R is not included in conda-analytics. To install R into your user environment, do the following:

# Make sure you are using a conda env. This is not necessary if running in Jupyter.
source conda-analytics-activate my-cool-r-env
# Enable http proxy.  This is not necessary if running in Jupyter
export http_proxy=http://webproxy.eqiad.wmnet:8080
export https_proxy=http://webproxy.eqiad.wmnet:8080
export no_proxy=127.0.0.1,localhost,.wmnet

# Install the conda R package into your user conda environment.
conda install -c conda-forge R

# R is now fully contained in your user conda environment.
which R
/home/xcollazo/.conda/envs/my-cool-r-env/bin/R

You should now be able to install R packages using R's package manager via install.packages().

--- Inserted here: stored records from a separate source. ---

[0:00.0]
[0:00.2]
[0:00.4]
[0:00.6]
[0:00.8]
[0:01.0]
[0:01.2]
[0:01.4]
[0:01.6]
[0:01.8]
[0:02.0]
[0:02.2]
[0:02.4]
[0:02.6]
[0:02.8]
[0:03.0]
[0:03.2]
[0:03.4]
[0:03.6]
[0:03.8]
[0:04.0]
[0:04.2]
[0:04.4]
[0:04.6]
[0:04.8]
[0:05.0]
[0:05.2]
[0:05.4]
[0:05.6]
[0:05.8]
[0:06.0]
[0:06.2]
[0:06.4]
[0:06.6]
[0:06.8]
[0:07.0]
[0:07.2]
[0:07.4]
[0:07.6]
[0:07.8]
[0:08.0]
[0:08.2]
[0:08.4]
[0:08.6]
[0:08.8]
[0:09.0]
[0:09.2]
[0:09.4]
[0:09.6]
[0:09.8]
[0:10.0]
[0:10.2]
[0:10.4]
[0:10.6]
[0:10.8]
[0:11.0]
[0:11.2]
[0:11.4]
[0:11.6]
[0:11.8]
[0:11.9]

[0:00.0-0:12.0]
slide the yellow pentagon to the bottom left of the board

However, just like with Python, installing R packages with conda is preferred over using R's package manager. If a conda R package exists, you should be able to just install it like:

$ conda install -c conda-forge r-tidyverse

Jupyter

Install R kernel in a similar way you installed R (see instructions above):

conda install -c conda-forge r-irkernel

Open a Terminal in JupyterLab (if you haven't yet) and run the following in R (simply run R to launch it):

IRkernel::installspec()

NOTE: It will not work if you are running the code in an SSH session. You need to be inside JupyterLab for the command to find the Jupyter configuration.

Tips

Since the version of R coming from conda-forge is 4.2 (or newer) we now have access to newer features such as a new syntax for specifying strings and a built-in pipe operator (|>) – replacing the need for magrittr's %>%.

NOTE: Stacked environments based on anaconda-wmf are stuck with R 3.6 as the latest available version.

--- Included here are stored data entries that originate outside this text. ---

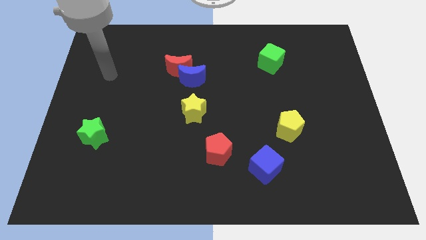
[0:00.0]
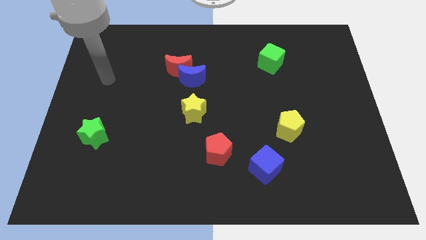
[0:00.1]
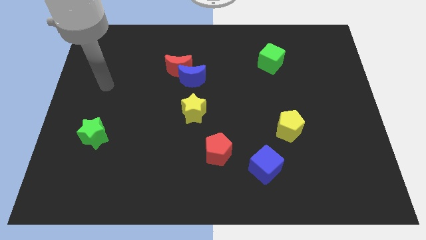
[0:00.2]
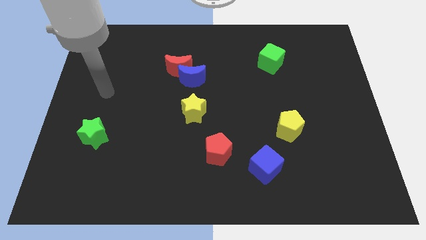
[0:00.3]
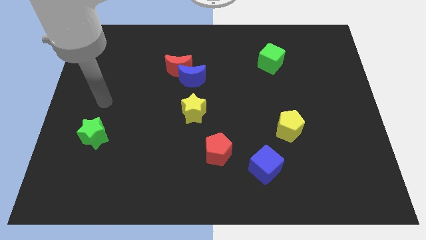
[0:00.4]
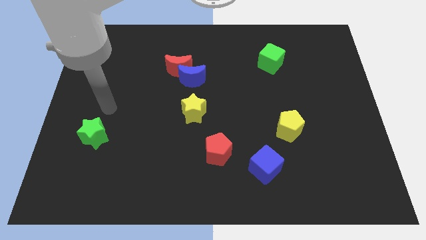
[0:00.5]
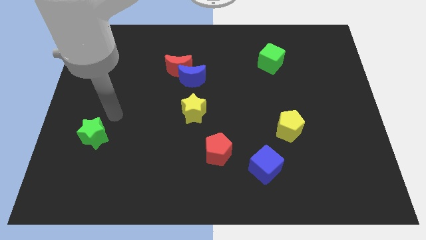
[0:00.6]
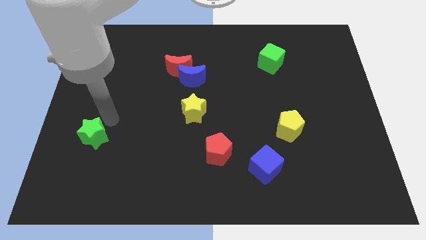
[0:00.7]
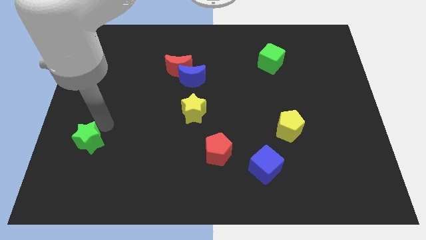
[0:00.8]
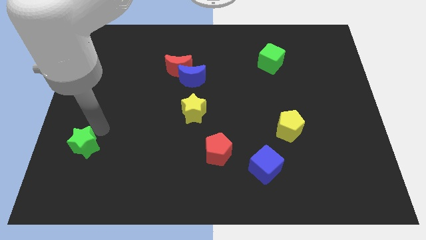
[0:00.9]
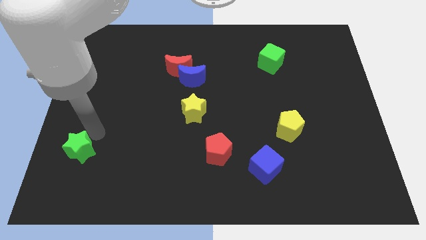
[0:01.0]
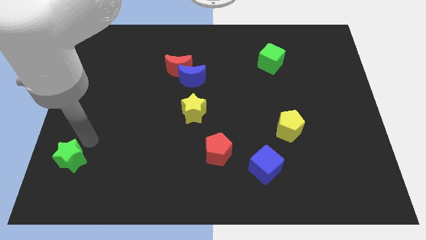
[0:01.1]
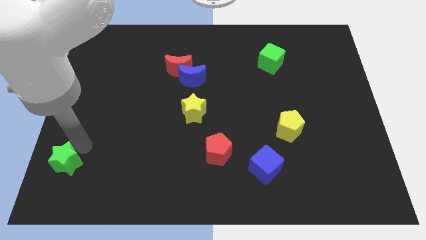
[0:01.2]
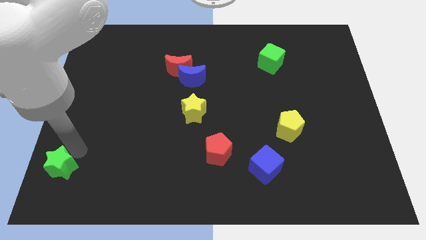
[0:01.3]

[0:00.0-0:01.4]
slide the green star to the bottom left corner

It is also recommended to create a ~/.Rprofile file with the following:

options(
  repos = c(
    CRAN = "https://cran.rstudio.com/",
    STAN = "https://mc-stan.org/r-packages/"
  ),
  mc.cores = 4
)
Sys.setenv(MAKEFLAGS = "-j4")
Sys.setenv(DOWNLOAD_STATIC_LIBV8 = 1)

wmfdata for R

To query Hive and MariaDB wiki replicas in R you will need to install wmfdata for R. This package is no longer actively maintained, but it's there if you really need it. However, it is strongly recommended to access data via wmfdata for Python (included in conda-analytics without any additional installation steps needed).

First, install the remotes package in a similar way you installed R (see instructions above):

conda install -c conda-forge r-remotes

Open a Terminal in JupyterLab or an SSH session (if you haven't yet) and run the following in R:

remotes::install_github("wikimedia/wmfdata-r")

brms and lme4

If you would like to use brms and/or lme4 for statistical modeling, install the packages in a similar way you installed R (see instructions above):

conda install -c conda-forge r-brms r-lme4

Open a Terminal in JupyterLab or an SSH session (if you haven't yet) and run the following in R:

install.packages("BH")

For some reason BH (a dependency for brms) needs to be installed that way even when installing brms via conda.

Administration

The code used to build new releases of conda-analytics lives in in Gitlab.